_Instructions to follow_
Each entry should be written out again exactly, so that nothing is lost.

(Material provided)

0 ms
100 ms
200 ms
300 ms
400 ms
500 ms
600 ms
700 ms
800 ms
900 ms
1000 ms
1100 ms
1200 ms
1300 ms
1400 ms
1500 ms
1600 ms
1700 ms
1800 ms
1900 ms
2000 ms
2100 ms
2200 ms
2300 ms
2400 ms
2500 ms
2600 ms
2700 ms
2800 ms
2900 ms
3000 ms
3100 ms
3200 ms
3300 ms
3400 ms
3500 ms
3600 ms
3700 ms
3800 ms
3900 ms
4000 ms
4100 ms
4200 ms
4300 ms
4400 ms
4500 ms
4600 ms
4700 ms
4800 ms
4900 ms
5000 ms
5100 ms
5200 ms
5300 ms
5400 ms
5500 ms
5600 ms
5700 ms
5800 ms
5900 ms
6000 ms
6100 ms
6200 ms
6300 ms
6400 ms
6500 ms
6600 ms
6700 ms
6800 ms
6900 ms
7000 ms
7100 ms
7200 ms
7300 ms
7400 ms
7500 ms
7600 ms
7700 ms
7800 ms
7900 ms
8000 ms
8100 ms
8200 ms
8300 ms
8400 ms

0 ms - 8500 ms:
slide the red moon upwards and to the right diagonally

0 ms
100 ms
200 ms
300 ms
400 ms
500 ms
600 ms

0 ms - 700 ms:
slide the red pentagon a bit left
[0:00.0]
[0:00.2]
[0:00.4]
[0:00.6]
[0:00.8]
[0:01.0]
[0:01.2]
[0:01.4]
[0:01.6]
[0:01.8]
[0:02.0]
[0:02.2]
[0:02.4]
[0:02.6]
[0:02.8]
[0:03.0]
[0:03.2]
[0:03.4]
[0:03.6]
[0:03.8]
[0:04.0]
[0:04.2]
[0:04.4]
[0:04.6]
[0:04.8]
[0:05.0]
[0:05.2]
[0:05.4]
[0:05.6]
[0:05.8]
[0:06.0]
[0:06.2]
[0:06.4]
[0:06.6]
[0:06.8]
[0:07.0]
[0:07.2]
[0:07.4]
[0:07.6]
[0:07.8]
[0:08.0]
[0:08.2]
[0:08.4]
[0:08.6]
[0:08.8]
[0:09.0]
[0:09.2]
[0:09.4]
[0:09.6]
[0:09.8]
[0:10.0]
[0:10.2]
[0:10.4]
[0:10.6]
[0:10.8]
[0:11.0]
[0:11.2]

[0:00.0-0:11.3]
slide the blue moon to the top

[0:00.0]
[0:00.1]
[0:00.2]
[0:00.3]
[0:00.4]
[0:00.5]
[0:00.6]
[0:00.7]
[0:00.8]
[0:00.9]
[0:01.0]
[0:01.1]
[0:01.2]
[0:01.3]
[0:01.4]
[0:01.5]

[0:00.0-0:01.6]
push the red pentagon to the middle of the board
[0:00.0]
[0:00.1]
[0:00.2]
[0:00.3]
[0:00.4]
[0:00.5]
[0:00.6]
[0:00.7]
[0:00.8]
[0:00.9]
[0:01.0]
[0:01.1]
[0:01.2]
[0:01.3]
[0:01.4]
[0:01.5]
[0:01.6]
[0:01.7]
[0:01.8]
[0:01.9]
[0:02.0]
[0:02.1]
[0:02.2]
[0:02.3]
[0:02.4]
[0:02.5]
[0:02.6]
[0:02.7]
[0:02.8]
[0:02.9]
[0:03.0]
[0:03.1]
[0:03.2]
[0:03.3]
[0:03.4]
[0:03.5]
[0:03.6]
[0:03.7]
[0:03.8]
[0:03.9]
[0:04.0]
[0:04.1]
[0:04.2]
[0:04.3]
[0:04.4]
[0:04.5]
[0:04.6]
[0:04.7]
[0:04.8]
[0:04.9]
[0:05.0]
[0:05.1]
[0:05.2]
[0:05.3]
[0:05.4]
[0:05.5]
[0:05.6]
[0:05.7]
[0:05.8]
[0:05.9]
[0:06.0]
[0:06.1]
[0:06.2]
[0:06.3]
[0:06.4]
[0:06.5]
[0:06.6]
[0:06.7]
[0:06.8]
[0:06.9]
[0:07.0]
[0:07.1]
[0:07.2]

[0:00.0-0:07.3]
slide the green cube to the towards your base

(End Material provided)

_Result_
0 ms
100 ms
200 ms
300 ms
400 ms
500 ms
600 ms
700 ms
800 ms
900 ms
1000 ms
1100 ms
1200 ms
1300 ms
1400 ms
1500 ms
1600 ms
1700 ms
1800 ms
1900 ms
2000 ms
2100 ms
2200 ms
2300 ms
2400 ms
2500 ms
2600 ms
2700 ms
2800 ms
2900 ms
3000 ms
3100 ms
3200 ms
3300 ms
3400 ms
3500 ms
3600 ms
3700 ms
3800 ms
3900 ms
4000 ms
4100 ms
4200 ms
4300 ms
4400 ms
4500 ms
4600 ms
4700 ms
4800 ms
4900 ms
5000 ms
5100 ms
5200 ms
5300 ms
5400 ms
5500 ms
5600 ms
5700 ms
5800 ms
5900 ms
6000 ms
6100 ms
6200 ms
6300 ms
6400 ms
6500 ms
6600 ms
6700 ms
6800 ms
6900 ms
7000 ms
7100 ms
7200 ms
7300 ms
7400 ms
7500 ms
7600 ms
7700 ms
7800 ms
7900 ms
8000 ms
8100 ms
8200 ms
8300 ms
8400 ms

0 ms - 8500 ms:
slide the red moon upwards and to the right diagonally

0 ms
100 ms
200 ms
300 ms
400 ms
500 ms
600 ms

0 ms - 700 ms:
slide the red pentagon a bit left
[0:00.0]
[0:00.2]
[0:00.4]
[0:00.6]
[0:00.8]
[0:01.0]
[0:01.2]
[0:01.4]
[0:01.6]
[0:01.8]
[0:02.0]
[0:02.2]
[0:02.4]
[0:02.6]
[0:02.8]
[0:03.0]
[0:03.2]
[0:03.4]
[0:03.6]
[0:03.8]
[0:04.0]
[0:04.2]
[0:04.4]
[0:04.6]
[0:04.8]
[0:05.0]
[0:05.2]
[0:05.4]
[0:05.6]
[0:05.8]
[0:06.0]
[0:06.2]
[0:06.4]
[0:06.6]
[0:06.8]
[0:07.0]
[0:07.2]
[0:07.4]
[0:07.6]
[0:07.8]
[0:08.0]
[0:08.2]
[0:08.4]
[0:08.6]
[0:08.8]
[0:09.0]
[0:09.2]
[0:09.4]
[0:09.6]
[0:09.8]
[0:10.0]
[0:10.2]
[0:10.4]
[0:10.6]
[0:10.8]
[0:11.0]
[0:11.2]

[0:00.0-0:11.3]
slide the blue moon to the top

[0:00.0]
[0:00.1]
[0:00.2]
[0:00.3]
[0:00.4]
[0:00.5]
[0:00.6]
[0:00.7]
[0:00.8]
[0:00.9]
[0:01.0]
[0:01.1]
[0:01.2]
[0:01.3]
[0:01.4]
[0:01.5]

[0:00.0-0:01.6]
push the red pentagon to the middle of the board
[0:00.0]
[0:00.1]
[0:00.2]
[0:00.3]
[0:00.4]
[0:00.5]
[0:00.6]
[0:00.7]
[0:00.8]
[0:00.9]
[0:01.0]
[0:01.1]
[0:01.2]
[0:01.3]
[0:01.4]
[0:01.5]
[0:01.6]
[0:01.7]
[0:01.8]
[0:01.9]
[0:02.0]
[0:02.1]
[0:02.2]
[0:02.3]
[0:02.4]
[0:02.5]
[0:02.6]
[0:02.7]
[0:02.8]
[0:02.9]
[0:03.0]
[0:03.1]
[0:03.2]
[0:03.3]
[0:03.4]
[0:03.5]
[0:03.6]
[0:03.7]
[0:03.8]
[0:03.9]
[0:04.0]
[0:04.1]
[0:04.2]
[0:04.3]
[0:04.4]
[0:04.5]
[0:04.6]
[0:04.7]
[0:04.8]
[0:04.9]
[0:05.0]
[0:05.1]
[0:05.2]
[0:05.3]
[0:05.4]
[0:05.5]
[0:05.6]
[0:05.7]
[0:05.8]
[0:05.9]
[0:06.0]
[0:06.1]
[0:06.2]
[0:06.3]
[0:06.4]
[0:06.5]
[0:06.6]
[0:06.7]
[0:06.8]
[0:06.9]
[0:07.0]
[0:07.1]
[0:07.2]

[0:00.0-0:07.3]
slide the green cube to the towards your base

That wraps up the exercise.